February 14th, 2014 | Robin

We start this episode in the Gaming Hut, where we bat around ways to activate your player character’s character hook.

In our new segment, Crime Blotter, we examine the four categories of hit man, as proposed by a recent Birmingham City University study of British hired killers.

Tropes face off against cliches as we once again tell you How to Write Good.

Then Ken dons his Consulting Occultist regalia to tear the lid off the djinn menace.

Once again Fenix Magazine occupies the coveted anchor sponsor slot. After ten years delighting the Swedish gaming scene, they’re now bringing the Best of Fenix to English-language GMs and players with their now-active Indiegogo campaign.

 

Clank about in chivalric armor in fealty to Atlas Games, now unveiling Enchanting Tales, the exciting new expansion for their classic Once Upon a Time card game.

 

9 Responses to “Episode 76: Hunker in the Bunker”

  1. Eoin says:

    Hey guys, now that we’re on the run-up to Paddy’s Day, would a Ken’s Time Machine to see what would have happened if Ireland was never colonised by Britain be in order? Bearing in mind that one of Arthur Griffith’s regrets at Ireland’s loss of sovereignty was that it never had colonies of its own…

  2. Mike Thompson says:

    Ghost Dog – is an excellent film about a hit man, there is even an old RPG supplement about the film (which I’ve not got or taken a look at).

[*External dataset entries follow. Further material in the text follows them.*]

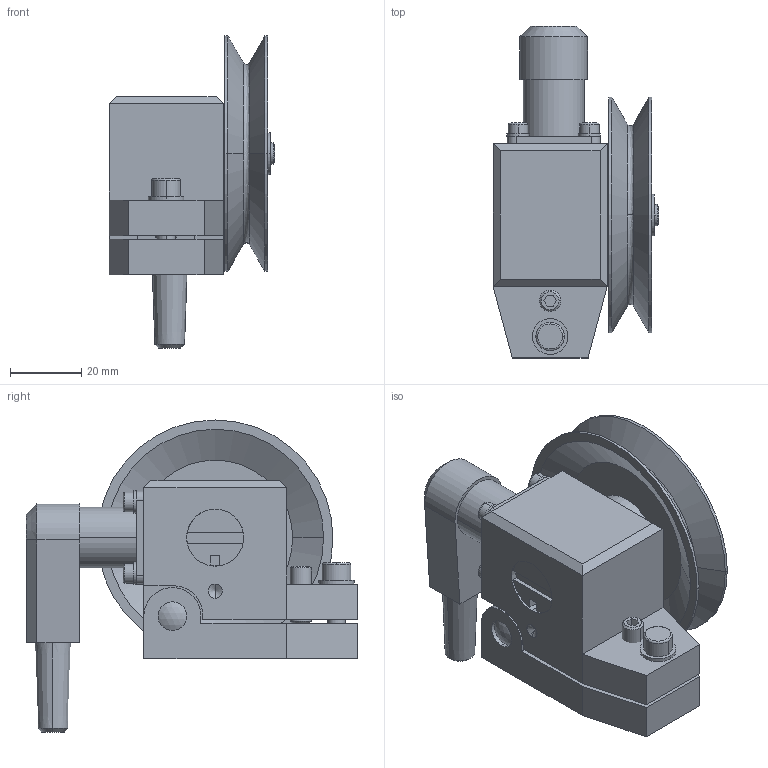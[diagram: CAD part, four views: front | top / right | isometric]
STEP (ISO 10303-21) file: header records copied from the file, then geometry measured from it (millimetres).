
FILE_DESCRIPTION((''),'2;1');
FILE_NAME('31102244_-.stp','2020-02-17T16:28:44',(''),(''),'Mechanical Desktop 2009','Mechanical Desktop 2009',', , ');
FILE_SCHEMA(('CONFIG_CONTROL_DESIGN'));
Length unit declared in the file: millimetre
Products named in the file (30): ZEICHNUNG4; R1302201; R1206234A; R1206234; R1301296; R1302202; R1302202A; FEDERRING_M3A; FEDERRING_M3; I-6KT_SCHRAUBE_M3X8; I-6KT_SCHRAUBE_M3X8A; GERÄTESTECKER_5POL_C091 31S005 100 2A; GERÄTESTECKER_5POL_C091 31S005 100 2; ZYLSTIFT8X32; ZYLSTIFT8X32A; U-SCHEIBE_M5; U-SCHEIBE_M5A; I-6KT_SCHRAUBE_M5X20A; I-6KT_SCHRAUBE_M5X20; I-6KT_GEWINDESTIFT_M6X16A; I-6KT_GEWINDESTIFT_M6X16; RILLENKUGELLAGER_SF626; TEIL1; SICHERUNGSRING_A6; SICHERUNGSRING_A6A; R0009112; KABELDOSE_WINKEL_MINI_5_POL; KABELDOSE_WINKEL_MINI_5_POLA; RM_SDBA; RM_SDB
Assembly tree (37 placements, depth 4):
  ZEICHNUNG4
    R1302201
      R1206234A
        R1206234
      R1301296
      R1302202
        R1302202A
      FEDERRING_M3A  x4
        FEDERRING_M3
      I-6KT_SCHRAUBE_M3X8  x4
        I-6KT_SCHRAUBE_M3X8A
      GERÄTESTECKER_5POL_C091 31S005 100 2A
        GERÄTESTECKER_5POL_C091 31S005 100 2
      ZYLSTIFT8X32
        ZYLSTIFT8X32A
      U-SCHEIBE_M5
        U-SCHEIBE_M5A
      I-6KT_SCHRAUBE_M5X20A
        I-6KT_SCHRAUBE_M5X20
      I-6KT_GEWINDESTIFT_M6X16A
        I-6KT_GEWINDESTIFT_M6X16
      RILLENKUGELLAGER_SF626  x2
        TEIL1
      SICHERUNGSRING_A6
        SICHERUNGSRING_A6A
      R0009112
      KABELDOSE_WINKEL_MINI_5_POL
        KABELDOSE_WINKEL_MINI_5_POLA
    RM_SDBA  x3
  RM_SDB
Bounding box: 46.5 x 93 x 87.5 mm (x, y, z)
Volume: 95472.5 mm3; surface area: 47749.7 mm2
Topology: 22 solids, 22 shells, 511 faces, 1306 edges, 824 vertices
Faces by surface type: cylinder 201, plane 152, sphere 58, cone 56, torus 42, bspline 2
Entity records: 13594 total; most frequent: CARTESIAN_POINT 2970, DIRECTION 2312, ORIENTED_EDGE 1884, AXIS2_PLACEMENT_3D 964, EDGE_CURVE 942, VERTEX_POINT 618, CIRCLE 506, EDGE_LOOP 494
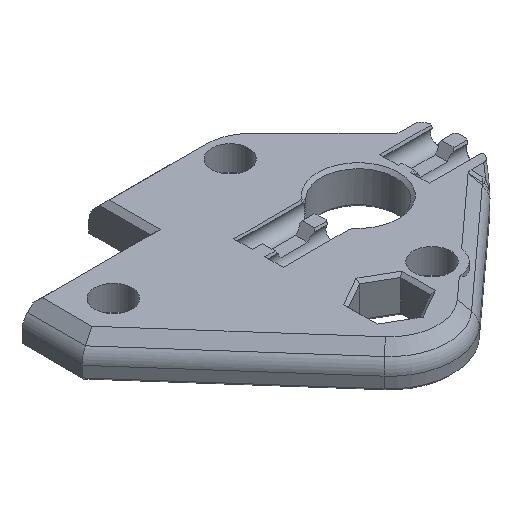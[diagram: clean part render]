
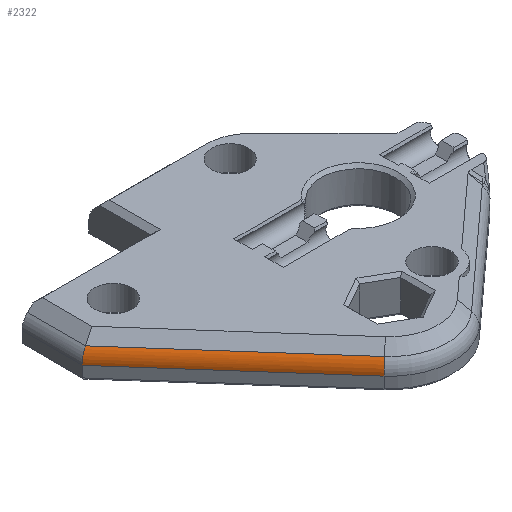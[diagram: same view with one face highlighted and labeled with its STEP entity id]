
A CAD part, isometric view. The second image highlights one B-rep face of the part: STEP entity #2322.
In plain terms, the highlighted cylindrical face has radius 3 mm (diameter 6 mm), a partial arc.
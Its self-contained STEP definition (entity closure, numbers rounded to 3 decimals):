
#44=CYLINDRICAL_SURFACE('',#2513,3.);
#106=ELLIPSE('',#2515,3.208,3.);
#237=CIRCLE('',#2514,3.);
#346=FACE_OUTER_BOUND('',#492,.T.);
#492=EDGE_LOOP('',(#1981,#1982,#1983,#1984));
#688=LINE('',#5346,#875);
#689=LINE('',#5350,#876);
#875=VECTOR('',#3001,10.);
#876=VECTOR('',#3004,10.);
#1104=VERTEX_POINT('',#5344);
#1105=VERTEX_POINT('',#5345);
#1106=VERTEX_POINT('',#5347);
#1107=VERTEX_POINT('',#5349);
#1416=EDGE_CURVE('',#1104,#1105,#688,.T.);
#1417=EDGE_CURVE('',#1105,#1106,#237,.T.);
#1418=EDGE_CURVE('',#1106,#1107,#689,.T.);
#1419=EDGE_CURVE('',#1107,#1104,#106,.T.);
#1981=ORIENTED_EDGE('',*,*,#1416,.T.);
#1982=ORIENTED_EDGE('',*,*,#1417,.T.);
#1983=ORIENTED_EDGE('',*,*,#1418,.T.);
#1984=ORIENTED_EDGE('',*,*,#1419,.T.);
#2322=ADVANCED_FACE('',(#346),#44,.T.);
#2513=AXIS2_PLACEMENT_3D('',#5343,#2999,#3000);
#2514=AXIS2_PLACEMENT_3D('',#5348,#3002,#3003);
#2515=AXIS2_PLACEMENT_3D('',#5351,#3005,#3006);
#2999=DIRECTION('center_axis',(0.662,-0.749,0.));
#3000=DIRECTION('ref_axis',(-0.692,-0.612,0.383));
#3001=DIRECTION('',(0.662,-0.749,0.));
#3002=DIRECTION('center_axis',(-0.662,0.749,0.));
#3003=DIRECTION('ref_axis',(-0.749,-0.662,0.));
#3004=DIRECTION('',(-0.662,0.749,0.));
#3005=DIRECTION('center_axis',(0.354,-0.935,0.));
#3006=DIRECTION('ref_axis',(-0.935,-0.354,0.));
#5343=CARTESIAN_POINT('Origin',(-36.328,0.068,2.257));
#5344=CARTESIAN_POINT('',(-42.304,2.302,2.257));
#5345=CARTESIAN_POINT('',(-19.435,-23.585,2.257));
#5346=CARTESIAN_POINT('',(-38.576,-1.918,2.257));
#5347=CARTESIAN_POINT('',(-18.777,-23.003,4.379));
#5348=CARTESIAN_POINT('Origin',(-17.187,-21.599,2.257));
#5349=CARTESIAN_POINT('',(-41.425,2.634,4.379));
#5350=CARTESIAN_POINT('',(-37.918,-1.336,4.379));
#5351=CARTESIAN_POINT('Origin',(-39.304,3.437,2.257));
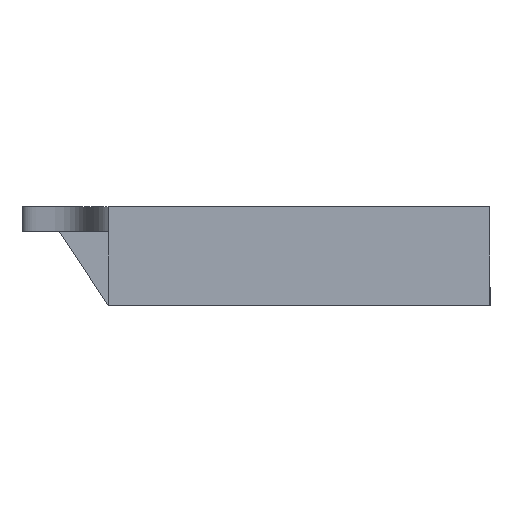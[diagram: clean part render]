
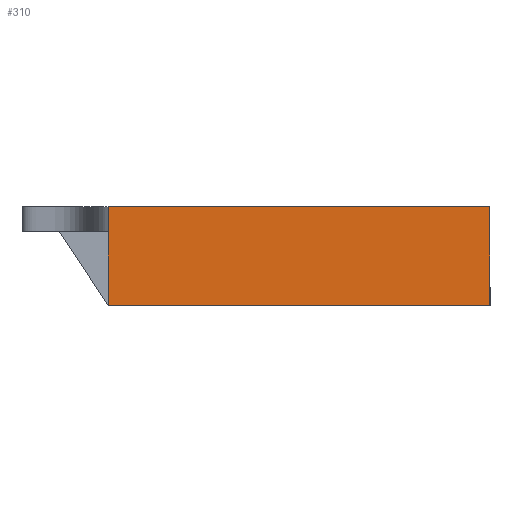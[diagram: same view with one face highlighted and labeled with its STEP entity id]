
A CAD part, left-side view. The second image highlights one B-rep face of the part: STEP entity #310.
In plain terms, the highlighted planar face has unit normal (-1, 0, 0).
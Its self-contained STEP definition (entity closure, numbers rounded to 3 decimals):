
#17 = CARTESIAN_POINT ( 'NONE',  ( -16.8, 46.587, -7.7 ) ) ;
#127 = VECTOR ( 'NONE', #1631, 1000. ) ;
#201 = VECTOR ( 'NONE', #1393, 1000. ) ;
#211 = CARTESIAN_POINT ( 'NONE',  ( -16.8, 7.487, 2.4 ) ) ;
#310 = ADVANCED_FACE ( 'NONE', ( #467 ), #1612, .F. ) ;
#338 = DIRECTION ( 'NONE',  ( 0., 1., 0. ) ) ;
#368 = DIRECTION ( 'NONE',  ( 0., -1., 0. ) ) ;
#395 = ORIENTED_EDGE ( 'NONE', *, *, #1051, .F. ) ;
#450 = CARTESIAN_POINT ( 'NONE',  ( -16.8, 46.587, 2.4 ) ) ;
#467 = FACE_OUTER_BOUND ( 'NONE', #500, .T. ) ;
#494 = EDGE_CURVE ( 'NONE', #1228, #533, #1557, .T. ) ;
#500 = EDGE_LOOP ( 'NONE', ( #712, #1211, #1417, #395 ) ) ;
#533 = VERTEX_POINT ( 'NONE', #17 ) ;
#646 = LINE ( 'NONE', #978, #1605 ) ;
#680 = CARTESIAN_POINT ( 'NONE',  ( -16.8, 46.587, 2.4 ) ) ;
#712 = ORIENTED_EDGE ( 'NONE', *, *, #494, .T. ) ;
#724 = EDGE_CURVE ( 'NONE', #533, #1779, #646, .T. ) ;
#762 = DIRECTION ( 'NONE',  ( 0., -1., 0. ) ) ;
#883 = DIRECTION ( 'NONE',  ( 1., 0., 0. ) ) ;
#978 = CARTESIAN_POINT ( 'NONE',  ( -16.8, 7.487, -7.7 ) ) ;
#981 = AXIS2_PLACEMENT_3D ( 'NONE', #450, #883, #338 ) ;
#989 = CARTESIAN_POINT ( 'NONE',  ( -16.8, 46.587, 2.4 ) ) ;
#993 = CARTESIAN_POINT ( 'NONE',  ( -16.8, 7.487, -7.7 ) ) ;
#1020 = VERTEX_POINT ( 'NONE', #1451 ) ;
#1051 = EDGE_CURVE ( 'NONE', #1228, #1020, #1242, .T. ) ;
#1064 = LINE ( 'NONE', #211, #127 ) ;
#1162 = EDGE_CURVE ( 'NONE', #1020, #1779, #1064, .T. ) ;
#1211 = ORIENTED_EDGE ( 'NONE', *, *, #724, .T. ) ;
#1228 = VERTEX_POINT ( 'NONE', #680 ) ;
#1242 = LINE ( 'NONE', #1819, #1811 ) ;
#1393 = DIRECTION ( 'NONE',  ( 0., 0., -1. ) ) ;
#1417 = ORIENTED_EDGE ( 'NONE', *, *, #1162, .F. ) ;
#1451 = CARTESIAN_POINT ( 'NONE',  ( -16.8, 7.487, 2.4 ) ) ;
#1557 = LINE ( 'NONE', #989, #201 ) ;
#1605 = VECTOR ( 'NONE', #762, 1000. ) ;
#1612 = PLANE ( 'NONE',  #981 ) ;
#1631 = DIRECTION ( 'NONE',  ( 0., 0., -1. ) ) ;
#1779 = VERTEX_POINT ( 'NONE', #993 ) ;
#1811 = VECTOR ( 'NONE', #368, 1000. ) ;
#1819 = CARTESIAN_POINT ( 'NONE',  ( -16.8, 46.587, 2.4 ) ) ;
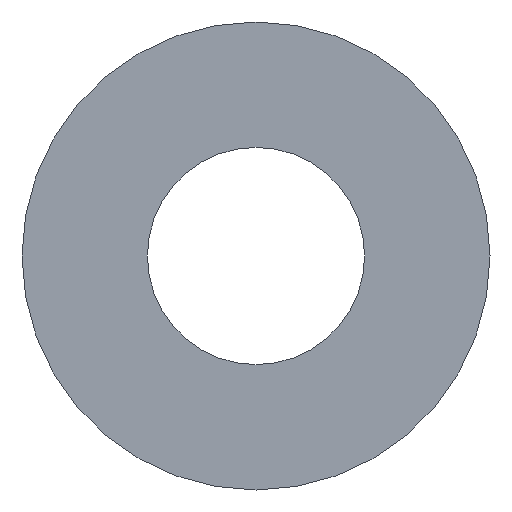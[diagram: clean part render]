
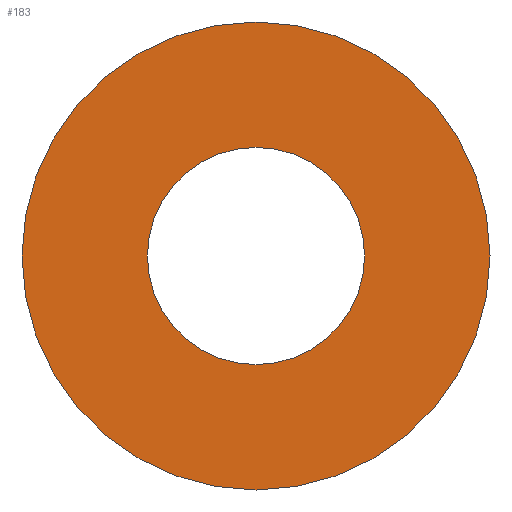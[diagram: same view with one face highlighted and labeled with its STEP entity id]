
A CAD part, front view. The second image highlights one B-rep face of the part: STEP entity #183.
In plain terms, the highlighted planar face has unit normal (0, -1, 0).
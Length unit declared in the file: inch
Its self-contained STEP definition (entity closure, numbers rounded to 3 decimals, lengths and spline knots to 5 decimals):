
#2 = FACE_OUTER_BOUND ( 'NONE', #237, .T. ) ;
#6 = CIRCLE ( 'NONE', #30, 0.21875 ) ;
#12 = EDGE_CURVE ( 'NONE', #100, #94, #6, .T. ) ;
#13 = AXIS2_PLACEMENT_3D ( 'NONE', #118, #109, #117 ) ;
#30 = AXIS2_PLACEMENT_3D ( 'NONE', #99, #90, #89 ) ;
#32 = AXIS2_PLACEMENT_3D ( 'NONE', #148, #162, #164 ) ;
#40 = AXIS2_PLACEMENT_3D ( 'NONE', #112, #104, #105 ) ;
#42 = EDGE_CURVE ( 'NONE', #91, #98, #235, .T. ) ;
#45 = EDGE_CURVE ( 'NONE', #94, #100, #153, .T. ) ;
#49 = EDGE_CURVE ( 'NONE', #98, #91, #189, .T. ) ;
#53 = AXIS2_PLACEMENT_3D ( 'NONE', #87, #82, #113 ) ;
#60 = FACE_BOUND ( 'NONE', #242, .T. ) ;
#65 = ORIENTED_EDGE ( 'NONE', *, *, #12, .F. ) ;
#67 = ORIENTED_EDGE ( 'NONE', *, *, #49, .T. ) ;
#69 = ORIENTED_EDGE ( 'NONE', *, *, #42, .T. ) ;
#70 = ORIENTED_EDGE ( 'NONE', *, *, #45, .F. ) ;
#82 = DIRECTION ( 'NONE',  ( 0., 1., 0. ) ) ;
#87 = CARTESIAN_POINT ( 'NONE',  ( 0., 0., 0. ) ) ;
#89 = DIRECTION ( 'NONE',  ( 0., 0., 1. ) ) ;
#90 = DIRECTION ( 'NONE',  ( 0., 1., 0. ) ) ;
#91 = VERTEX_POINT ( 'NONE', #151 ) ;
#94 = VERTEX_POINT ( 'NONE', #120 ) ;
#98 = VERTEX_POINT ( 'NONE', #140 ) ;
#99 = CARTESIAN_POINT ( 'NONE',  ( 0., 0., 0. ) ) ;
#100 = VERTEX_POINT ( 'NONE', #150 ) ;
#104 = DIRECTION ( 'NONE',  ( 0., 1., 0. ) ) ;
#105 = DIRECTION ( 'NONE',  ( 0., 0., 1. ) ) ;
#109 = DIRECTION ( 'NONE',  ( 0., 1., 0. ) ) ;
#112 = CARTESIAN_POINT ( 'NONE',  ( 0., 0., 0. ) ) ;
#113 = DIRECTION ( 'NONE',  ( 0., 0., 1. ) ) ;
#117 = DIRECTION ( 'NONE',  ( 0., 0., 1. ) ) ;
#118 = CARTESIAN_POINT ( 'NONE',  ( 0., 0., 0. ) ) ;
#120 = CARTESIAN_POINT ( 'NONE',  ( 0., 0., -0.21875 ) ) ;
#140 = CARTESIAN_POINT ( 'NONE',  ( 0., 0., -0.1015 ) ) ;
#144 = PLANE ( 'NONE',  #32 ) ;
#148 = CARTESIAN_POINT ( 'NONE',  ( 0., 0., 0. ) ) ;
#150 = CARTESIAN_POINT ( 'NONE',  ( 0., 0., 0.21875 ) ) ;
#151 = CARTESIAN_POINT ( 'NONE',  ( 0., 0., 0.1015 ) ) ;
#153 = CIRCLE ( 'NONE', #13, 0.21875 ) ;
#162 = DIRECTION ( 'NONE',  ( 0., 1., 0. ) ) ;
#164 = DIRECTION ( 'NONE',  ( 0., 0., 1. ) ) ;
#183 = ADVANCED_FACE ( 'NONE', ( #60, #2 ), #144, .F. ) ;
#189 = CIRCLE ( 'NONE', #40, 0.1015 ) ;
#235 = CIRCLE ( 'NONE', #53, 0.1015 ) ;
#237 = EDGE_LOOP ( 'NONE', ( #70, #65 ) ) ;
#242 = EDGE_LOOP ( 'NONE', ( #69, #67 ) ) ;
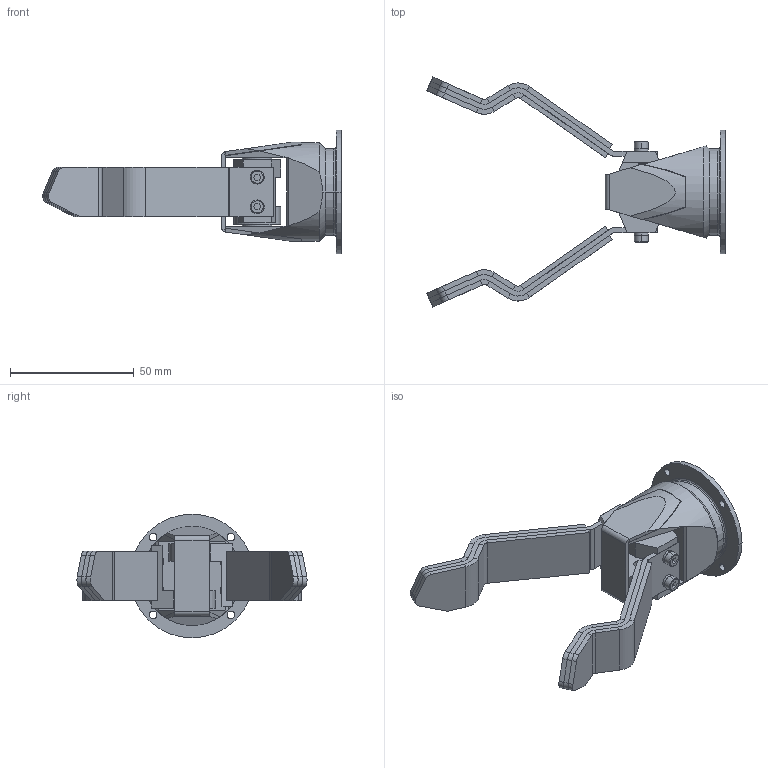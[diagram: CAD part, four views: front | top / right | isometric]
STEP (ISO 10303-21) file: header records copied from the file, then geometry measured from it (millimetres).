
FILE_DESCRIPTION((''),'2;1');
FILE_NAME('WINKELGREIFER_ASM','2008-06-02T',('rgermann'),(''),'PRO/ENGINEER BY PARAMETRIC TECHNOLOGY CORPORATION, 2008010','PRO/ENGINEER BY PARAMETRIC TECHNOLOGY CORPORATION, 2008010','');
FILE_SCHEMA(('CONFIG_CONTROL_DESIGN'));
Length unit declared in the file: millimetre
Products named in the file (13): GREIFERGEHAEUSE; FINGERHALTER; K084; 232675; 230137; K098_AF0; K086_AF0; K087_ASM; K085; K098_AF1; K086_AF1; K088_ASM; WINKELGREIFER_ASM
Assembly tree (19 placements, depth 3):
  WINKELGREIFER_ASM
    GREIFERGEHAEUSE
    FINGERHALTER  x2
    K087_ASM
      K084
      232675  x2
      230137  x2
      K098_AF0
      K086_AF0
    K088_ASM
      K085
      232675  x2
      230137  x2
      K098_AF1
      K086_AF1
Bounding box: 120.74 x 93.04 x 50 mm (x, y, z)
Volume: 58780.9 mm3; surface area: 39688.2 mm2
Topology: 17 solids, 17 shells, 368 faces, 900 edges, 568 vertices
Faces by surface type: plane 220, cylinder 110, cone 20, torus 12, bspline 4, extrusion 2
Entity records: 8589 total; most frequent: CARTESIAN_POINT 1706, DIRECTION 1433, ORIENTED_EDGE 1346, EDGE_CURVE 673, AXIS2_PLACEMENT_3D 501, VECTOR 431, LINE 429, VERTEX_POINT 423

  3. Terry O'Carroll says:

    Are a djinn’s aberrance points held in a djinn pool?

  4. Yunus says:

    Djinn, better spelled jinn, is pronounced Jin, never Jeen. The initial letter is best pronounced like an English J for classical Arabic, and vernacular Arabics vary between J, Zh like you guys seemed to be popping for, or a hard G.

    Crazy is ‘majnūn’ and etymologically it is a passive participle ou can translate ‘be-jinned’, like bedeviled.

    The `Uwaysi strand of Islamic mysticism does not propose a separate route to heaven, where did you come up with that?? Uwaysism is, in the first instance, the tendency for a mystic to have an initiatory encounter with `Uways al-Qarani the ur-mystic of Yemen, and in the second instance the tendency to take on disciples and form an institutional fraternity exactly like every other Sufi order, but with an initiatory lineage going only to the founding mystic and thence to Uways, and not ‘diluted’ through centuries of shaykhs living here and there across the world.

    Some Uwaysi groups may well be more heterodox than others, I wouldn’t be surprised, but it’s not what the typology is about.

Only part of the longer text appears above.